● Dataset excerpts
______
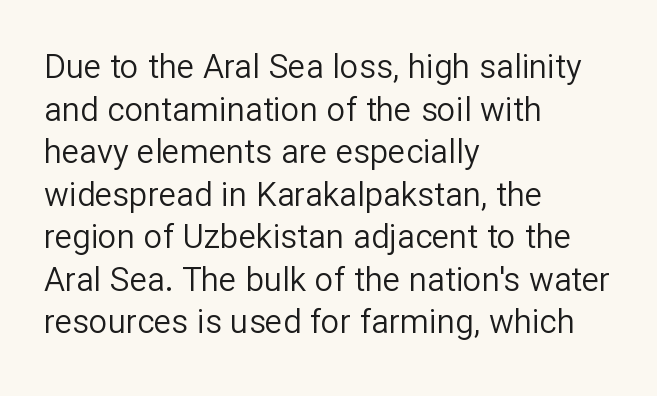
Q: Is the text bold? A: No.
Q: Is the text italic (slanted)? A: No, it is upright.
Q: Is the typeface a serif or a sans-serif typeface? A: Sans-serif.
Q: Is the text underlined? A: No.
Q: How is the paragraph aligned? A: Left-aligned.
Q: Is the spacing between letters normal or unusually wide? A: Normal.
Q: Is the spacing between lines tight, normal or loose? A: Normal.
Q: Width (condensed, normal, or wide)? A: Normal.
Q: Stroke contrast? A: Low.
Q: x-height? A: Medium.
Q: Monospaced? A: No.
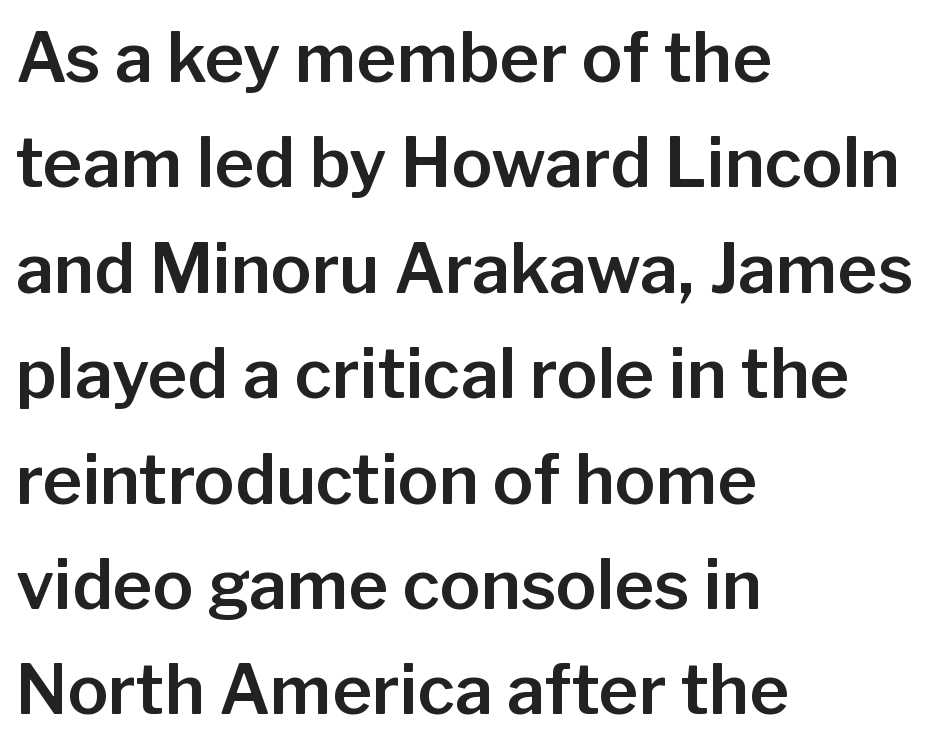
Q: Is the text italic (slanted)? A: No, it is upright.
Q: Is the typeface a serif or a sans-serif typeface? A: Sans-serif.
Q: Is the text underlined? A: No.
Q: How is the paragraph aligned? A: Left-aligned.
Q: Is the spacing between letters normal or unusually wide? A: Normal.
Q: Is the spacing between lines tight, normal or loose? A: Normal.
Q: Width (condensed, normal, or wide)? A: Normal.
Q: Stroke contrast? A: Low.
Q: x-height? A: Medium.
Q: Monospaced? A: No.
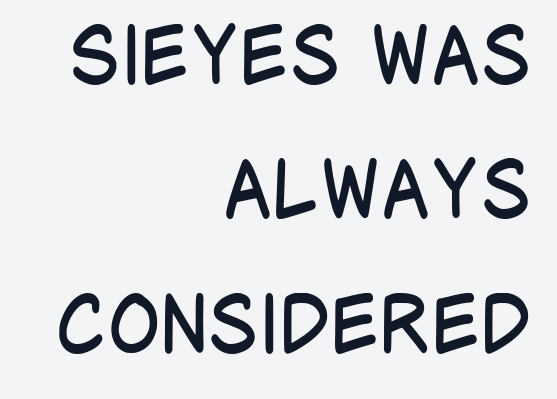
These lines keep a tight, regular rhythm from letter to letter. Interline gaps are of average width in this sample. Rule under the text: the space is simply empty. Line ends are locked; line starts wander. The rendering shows plain stroke endings on the letterforms — a sans-serif design. Note the varied advance widths — an 'i' is clearly narrower than an 'm'.
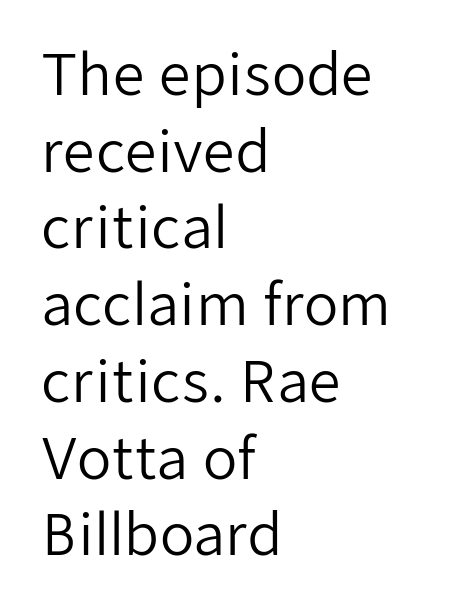
{"serif": "no", "italic": "no", "bold": "no", "weight": "regular", "width": "normal", "stroke_contrast": "low", "x_height": "medium", "monospaced": "no", "underline": "no", "align": "left", "line_spacing": "normal", "line_spacing_ratio": 1.37, "letter_spacing": "normal", "letter_spacing_em": 0.0, "glyph_px": 56}
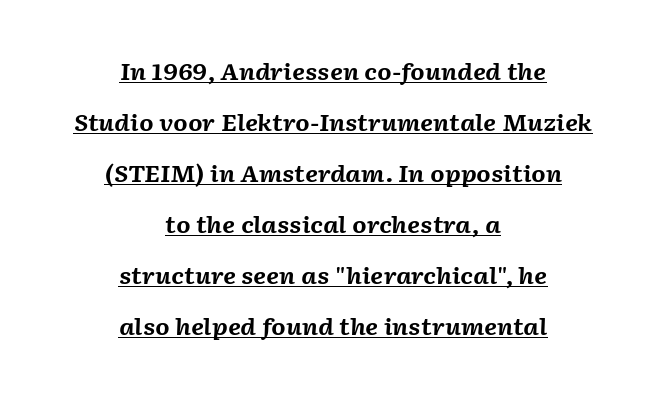
The image shows 23 px bold type, italic (leaning right); set centered, loose line spacing (2.22x), normal letter spacing, underlined.
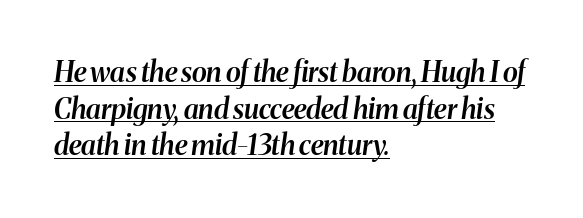
Q: Is the text bold? A: Semi-bold.
Q: Is the text italic (slanted)? A: Yes, it leans right by about 8 degrees.
Q: Is the text underlined? A: Yes.
Q: How is the paragraph aligned? A: Left-aligned.
Q: Is the spacing between letters normal or unusually wide? A: Normal.
Q: Is the spacing between lines tight, normal or loose? A: Normal.
Q: Width (condensed, normal, or wide)? A: Normal.
Q: Stroke contrast? A: Medium.
Q: x-height? A: Medium.
Q: Monospaced? A: No.
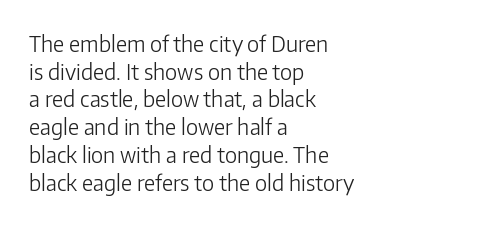
{"italic": "no", "bold": "no", "underline": "no", "align": "left", "line_spacing": "normal", "line_spacing_ratio": 1.26, "letter_spacing": "normal", "letter_spacing_em": 0.0, "glyph_px": 22}
______
Leaving the images out, return every record exactly.

● Solution to this problem
Q: Is the text bold? A: No.
Q: Is the text italic (slanted)? A: No, it is upright.
Q: Is the typeface a serif or a sans-serif typeface? A: Sans-serif.
Q: Is the text underlined? A: No.
Q: How is the paragraph aligned? A: Left-aligned.
Q: Is the spacing between letters normal or unusually wide? A: Normal.
Q: Is the spacing between lines tight, normal or loose? A: Normal.
Q: Width (condensed, normal, or wide)? A: Normal.
Q: Stroke contrast? A: Low.
Q: x-height? A: Medium.
Q: Monospaced? A: No.
Q: Is the text italic (slanted)? A: No, it is upright.
Q: Is the typeface a serif or a sans-serif typeface? A: Sans-serif.
Q: Is the text underlined? A: No.
Q: How is the paragraph aligned? A: Left-aligned.
Q: Is the spacing between letters normal or unusually wide? A: Normal.
Q: Is the spacing between lines tight, normal or loose? A: Normal.
Q: Width (condensed, normal, or wide)? A: Normal.
Q: Stroke contrast? A: Low.
Q: x-height? A: Medium.
Q: Monospaced? A: No.
These lines keep a tight, regular rhythm from letter to letter. Interline gaps are of average width in this sample. Rule under the text: the space is simply empty. Line ends are locked; line starts wander. The rendering shows plain stroke endings on the letterforms — a sans-serif design. Note the varied advance widths — an 'i' is clearly narrower than an 'm'.
{"serif": "no", "italic": "no", "bold": "no", "weight": "regular", "width": "normal", "stroke_contrast": "low", "x_height": "medium", "monospaced": "no", "underline": "no", "align": "left", "line_spacing": "normal", "line_spacing_ratio": 1.37, "letter_spacing": "normal", "letter_spacing_em": 0.0, "glyph_px": 56}
The image shows 23 px bold type, italic (leaning right); set centered, loose line spacing (2.22x), normal letter spacing, underlined.
Q: Is the text bold? A: Semi-bold.
Q: Is the text italic (slanted)? A: Yes, it leans right by about 8 degrees.
Q: Is the text underlined? A: Yes.
Q: How is the paragraph aligned? A: Left-aligned.
Q: Is the spacing between letters normal or unusually wide? A: Normal.
Q: Is the spacing between lines tight, normal or loose? A: Normal.
Q: Width (condensed, normal, or wide)? A: Normal.
Q: Stroke contrast? A: Medium.
Q: x-height? A: Medium.
Q: Monospaced? A: No.
{"italic": "no", "bold": "no", "underline": "no", "align": "left", "line_spacing": "normal", "line_spacing_ratio": 1.26, "letter_spacing": "normal", "letter_spacing_em": 0.0, "glyph_px": 22}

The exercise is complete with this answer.